One word has been used by journalists to describe Apple’s last Macworld: dull. Blogs such as Unpluggd featured polls for readers to chime in on what new products they expected from Apple. An Apple netbook, a redesigned iPhone and an Apple Tablet appeared to lead the buzz. The hype was huge, but the reality of no Steve Jobs and no significant new devices quickly snuffed high expectations.
Many sites featured articles outlining their hopes for new Apple products. Dan Gillmor’s article at All Things D, outlined his case for the success of an Apple netbook, a low cost, subnotebook computer. Gillmor believed his vision of an Apple netbook, a NewtBook, would be successful because of Apple’s easy to use OS X, touch-friendly interface, and implementation of an App Store similar to that on the iPhone/iTouch. He believed that an Apple netbook would appeal to current iPhone/iTouch users that wanted a similar but more productive device.

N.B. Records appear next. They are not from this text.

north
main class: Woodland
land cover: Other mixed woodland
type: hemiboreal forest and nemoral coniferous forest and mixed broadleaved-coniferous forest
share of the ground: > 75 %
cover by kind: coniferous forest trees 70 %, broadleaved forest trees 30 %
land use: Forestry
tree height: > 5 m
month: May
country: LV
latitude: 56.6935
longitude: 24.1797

While I agree that an Apple netbook would appeal to the current Mac fanbase and current iPhone owners, the introduction of a low cost Mac netbook would harm the current, developing market. Here are four reasons why no Apple netbook is a good thing.

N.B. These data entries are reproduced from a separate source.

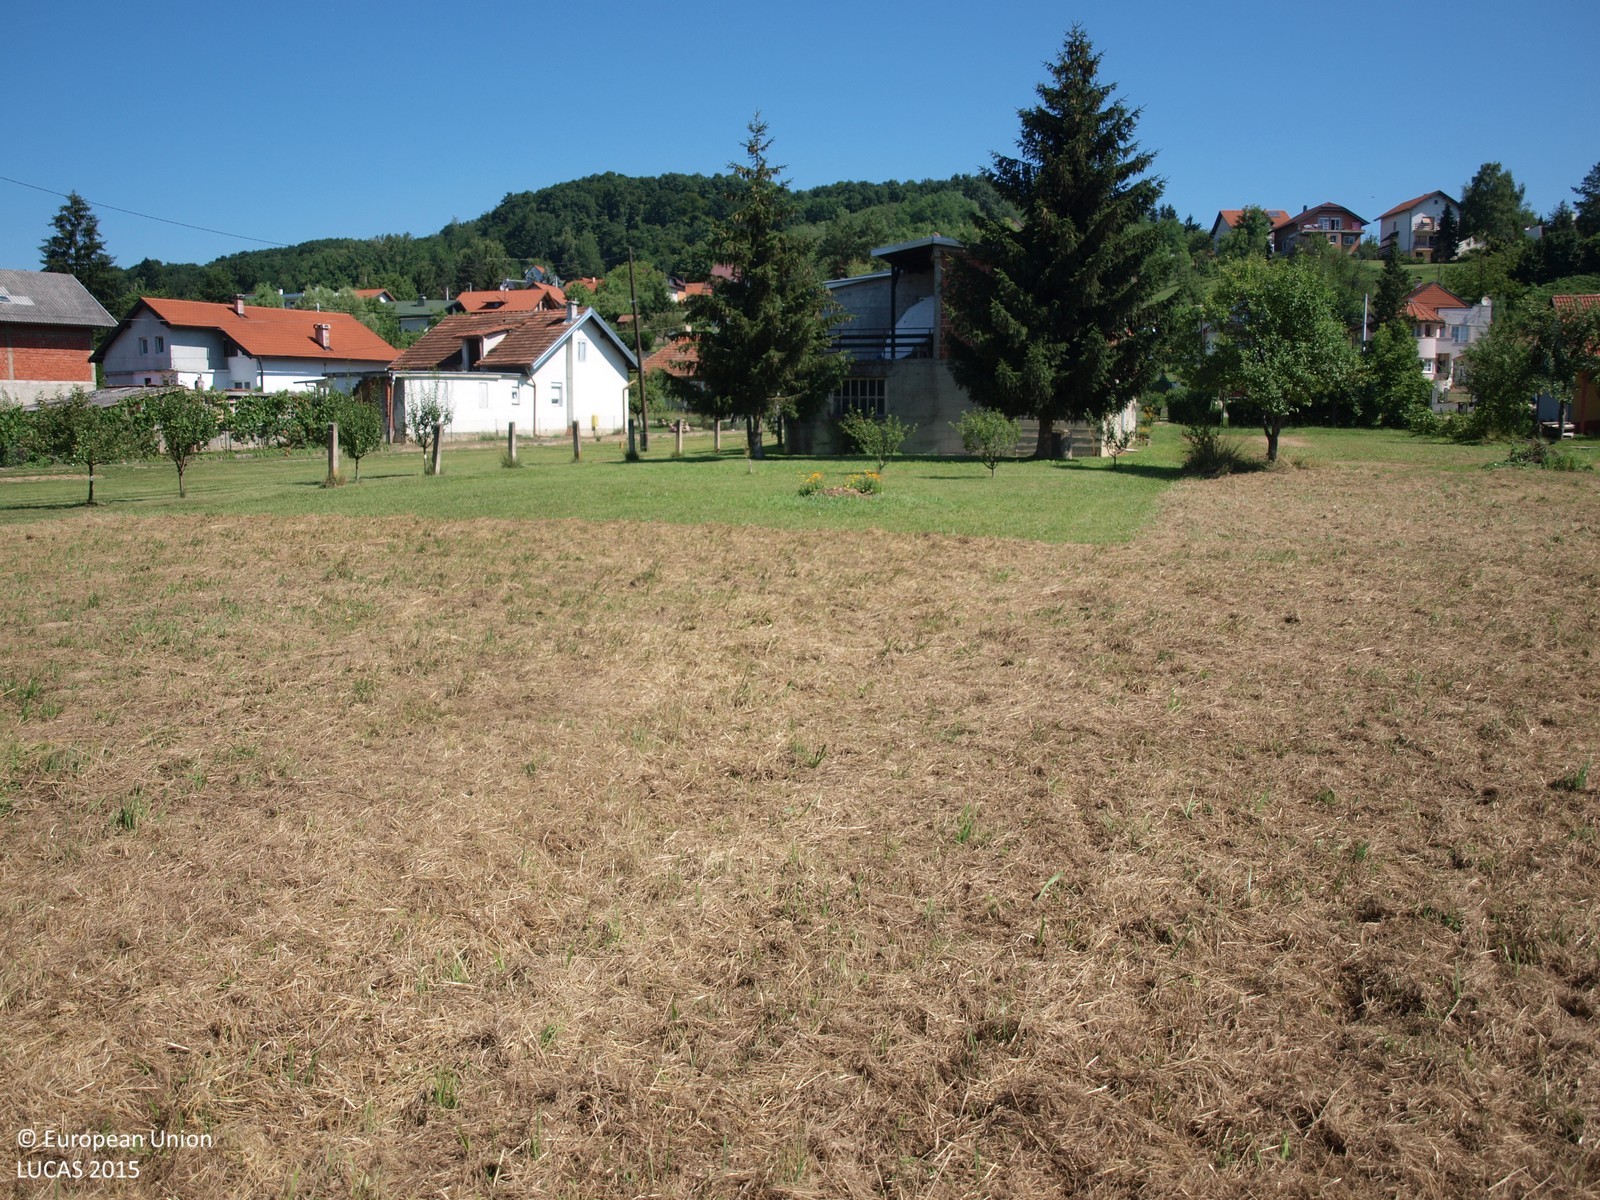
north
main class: Grassland
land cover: Grassland without tree/shrub cover
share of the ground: > 75 %
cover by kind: herbaceous plants 100 %
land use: Agriculture (excluding fallow land and kitchen gardens)
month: July
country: HR
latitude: 45.8712
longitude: 15.7561
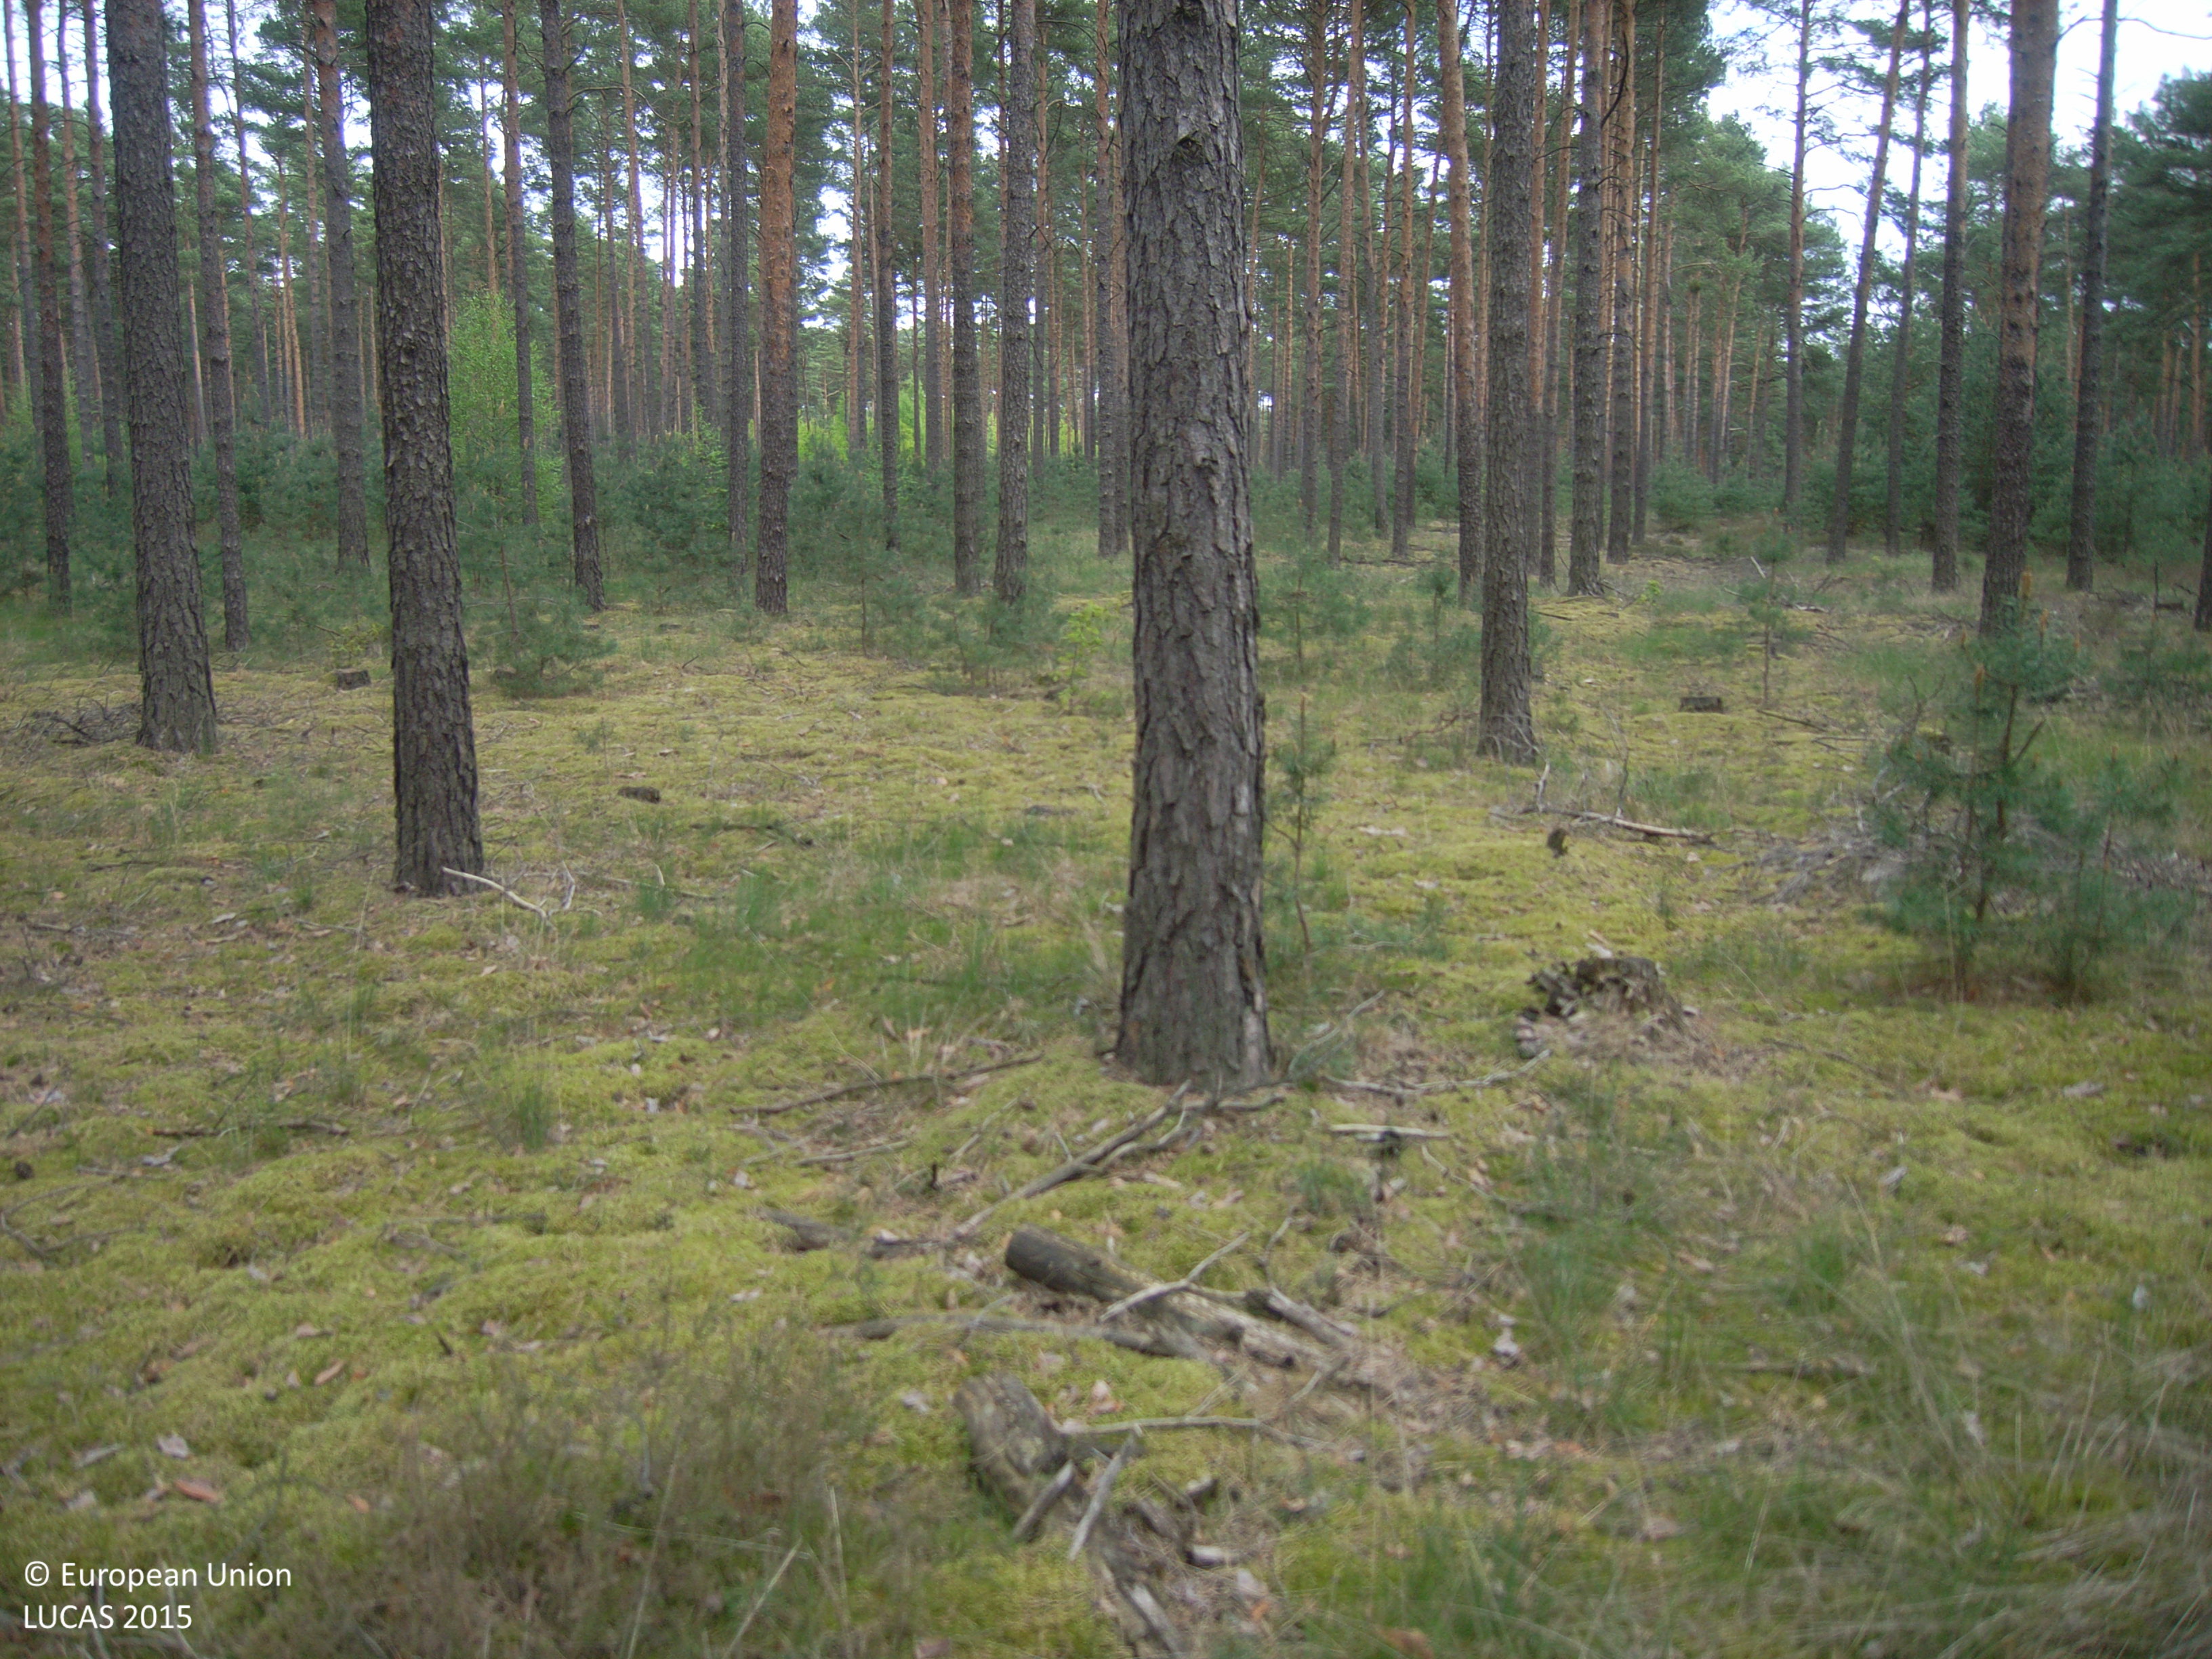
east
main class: Woodland
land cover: Pine dominated coniferous woodland
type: hemiboreal forest and nemoral coniferous forest and mixed broadleaved-coniferous forest
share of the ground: > 75 %
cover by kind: coniferous forest trees 100 %
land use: Forestry
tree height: > 5 m
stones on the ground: < 10 %
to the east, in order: Pine dominated coniferous woodland; Tracks; Broadleaved woodland
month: May
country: DE
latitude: 52.0898
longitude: 13.5762

Price: Apple’s products are designed very well, and consumers usually pay a little extra for that better design. When talk of netbooks began, the goal was to produce a low cost, subnotebook that would cost around $200 USD or less. An Apple netbook would inflate current costs and introduce high end netbooks similar to what we’re seeing with the Sony Viao P (called a netbook by some). The main determinant in calling a device a netbook will soon no longer be the screen size, keyboard layout, or operating system. It will be the item’s cost. I have a difficult time calling a device that costs more than $500 a netbook.
Community Interest: Just who is the target audience of the netbook market? School aged children, first time computer and Internet users, and folks needing a mobile companion? All of these individuals fall into the netbooks audience, but the driving force behind the netbook success are tech geeks like myself that want a fun, cheap, mobile device that won’t break the bank. Netbooks don’t cost an arm and a leg to replace if they’re dropped, stolen, or bricked from experimenting with various operating systems. Let’s be honest. Whether it’s appropriate or not, the OSx86 project, MSIWind OSX86 and similar customized distrobutions of OS X for netbooks has sold more machines than Apple would like to admit. It would be difficult for Apple to step into the netbook scene with an official Mac netbook when the MSI Wind is compatible with OS X out of the box and would cost a lot less. Of course you’ll need to have above average computer knowledge or the ability to search Google and read what you find to make a Hackintosh. The lack of an Apple netbook keeps the enthusiasts focused on current netbook models, rather than stealing them away to jailbreak an official Mac netbook.
Apple Control: If you’ve owned an iPhone or iPod Touch, you know what a hassle it can be to install a non-Apple approved application. Apple’s App Store is the only officially supported way to install 3rd party software. If an Apple netbook were introduced, it is highly likely that it would be bundled with an App Store similar to the iPhone/iTouch. This strict, monopoloy control allows Apple to determine what applications are available for users to install. This would stifle enthusiasts and only appeal to the novice.
Current Netbooks Hit the Mark: There is room for improvement with current netbooks, but the models presented from Asus and HP are hitting the mark. A functional keyboard, usable screen, and low cost are the netbook keystones. As Kevin Tofel of jkOnTheRun points out, the Asus Eee PC 1000HA currently delivers the best bang for the buck. With a 6 cell battery, the HP 1000 series and MSI Wind are equal or better competitors to the Asus Eee PC. If high end features are needed, users will abandon netbooks for higher priced notebooks. The Asus netbooks that have debuted at CES 2009 and feature Tablet functionality smash the netbook baseball out of the park. Expect similar implementations as Windows 7 and multitouch continue to generate interest and grow in popularity.
What are your thoughts on the lack of an Apple netbook?